If your energy needs have grown substantially, perhaps due to adding an electric vehicle or heat pump, a battery alone will not solve the problem. You cannot store energy you do not generate, so expanding your panel array or installing a second system may be necessary. For FiT recipients, the second system approach is strongly recommended to avoid any risk to your valuable tariff payments.
The best time to upgrade is often when your inverter needs replacing. String inverters typically last 10 to 15 years, and if yours is approaching this age, replacing it with a hybrid inverter makes sense even if you do not add a battery immediately.
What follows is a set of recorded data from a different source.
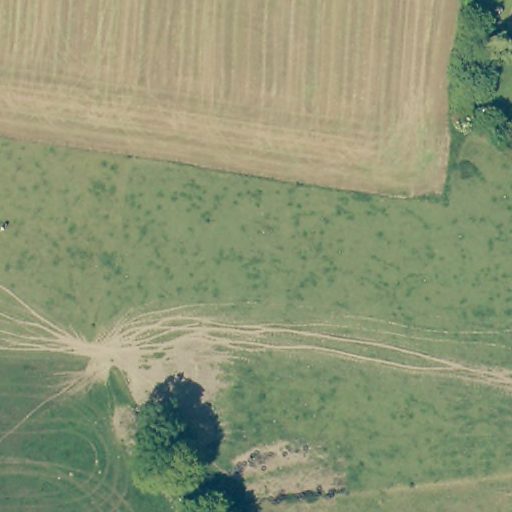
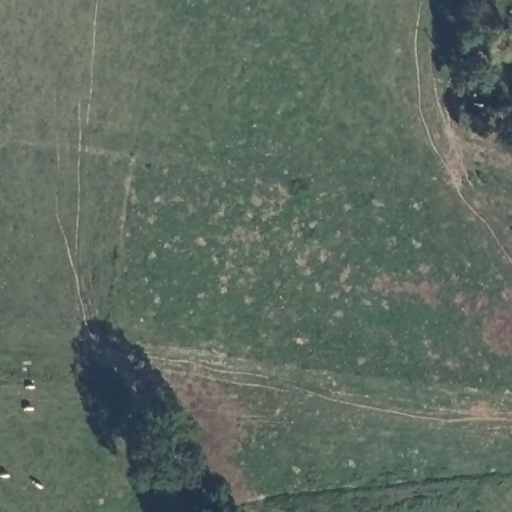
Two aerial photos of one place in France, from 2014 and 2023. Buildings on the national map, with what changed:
[]

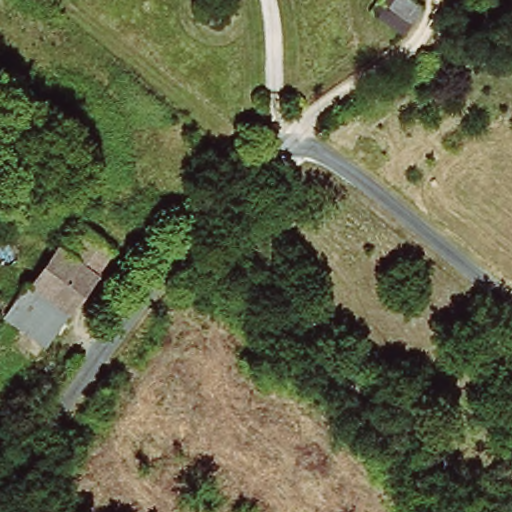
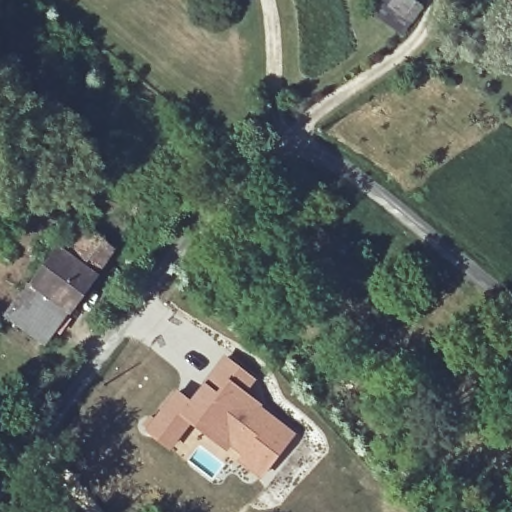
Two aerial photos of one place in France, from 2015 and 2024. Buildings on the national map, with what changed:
new [(402,34),(370,7),(375,0),(381,0),(384,2),(386,0),(415,0),(424,7),(402,34)]
unchanged [(80,221),(113,248),(96,272),(61,246),(80,221)]
unchanged [(96,272),(41,342),(4,312),(58,244),(61,246),(96,272)]
new [(176,389),(189,398),(224,354),(257,380),(247,392),(296,434),(259,479),(191,424),(169,450),(142,428),(176,389)]

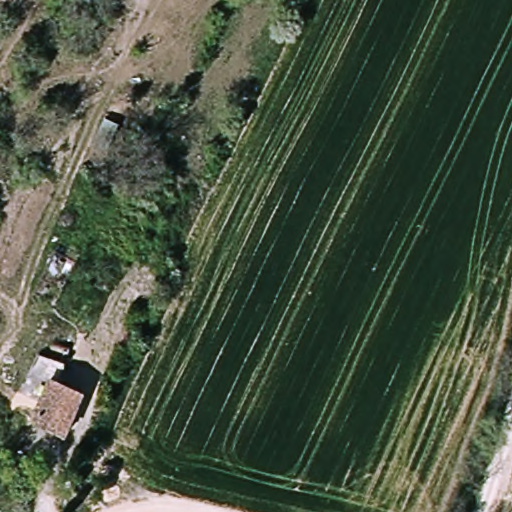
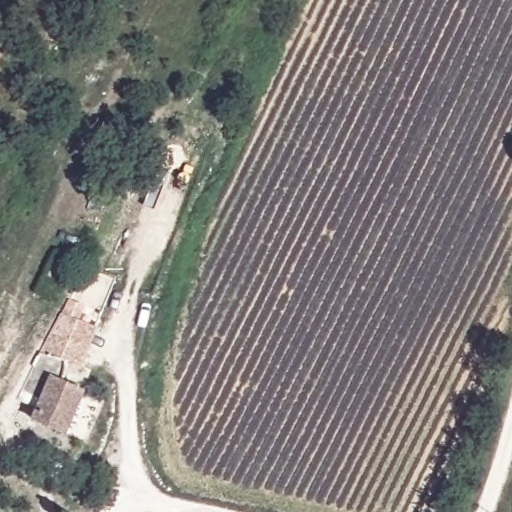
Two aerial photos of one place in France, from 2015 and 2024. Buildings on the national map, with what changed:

The extra cost of a hybrid over a basic string inverter is only £200 to £400, but it future-proofs your system for battery storage and typically includes much better monitoring capabilities.
Before any upgrade, understanding what your system currently produces is essential. If you lack monitoring, adding this first helps you identify whether underperformance is due to a fault that should be fixed, shading that might benefit from optimisers, or simply normal operation that a battery could enhance. Making informed decisions based on real data will ensure your upgrade delivers the benefits you expect.
If you’re on an early Feed-in Tariff (30p+/kWh), resist the temptation to make major changes to your registered system. Those FiT payments have several years to run and the value of protecting them usually exceeds the upgrade benefit. The second-system strategy lets you add modern capacity (new panels + hybrid inverter + battery) while keeping the original setup exactly as registered. Slightly more expensive, considerably safer.
For everyone else, the biggest practical question is: are you exporting more than 40% of your generation? If yes, a battery will save you meaningful money. If you’re already using 80%+ of what you generate, a battery buys very little – your money is better spent adding panels if you need more energy overall. Check your last 12 months of monitoring data before making the call.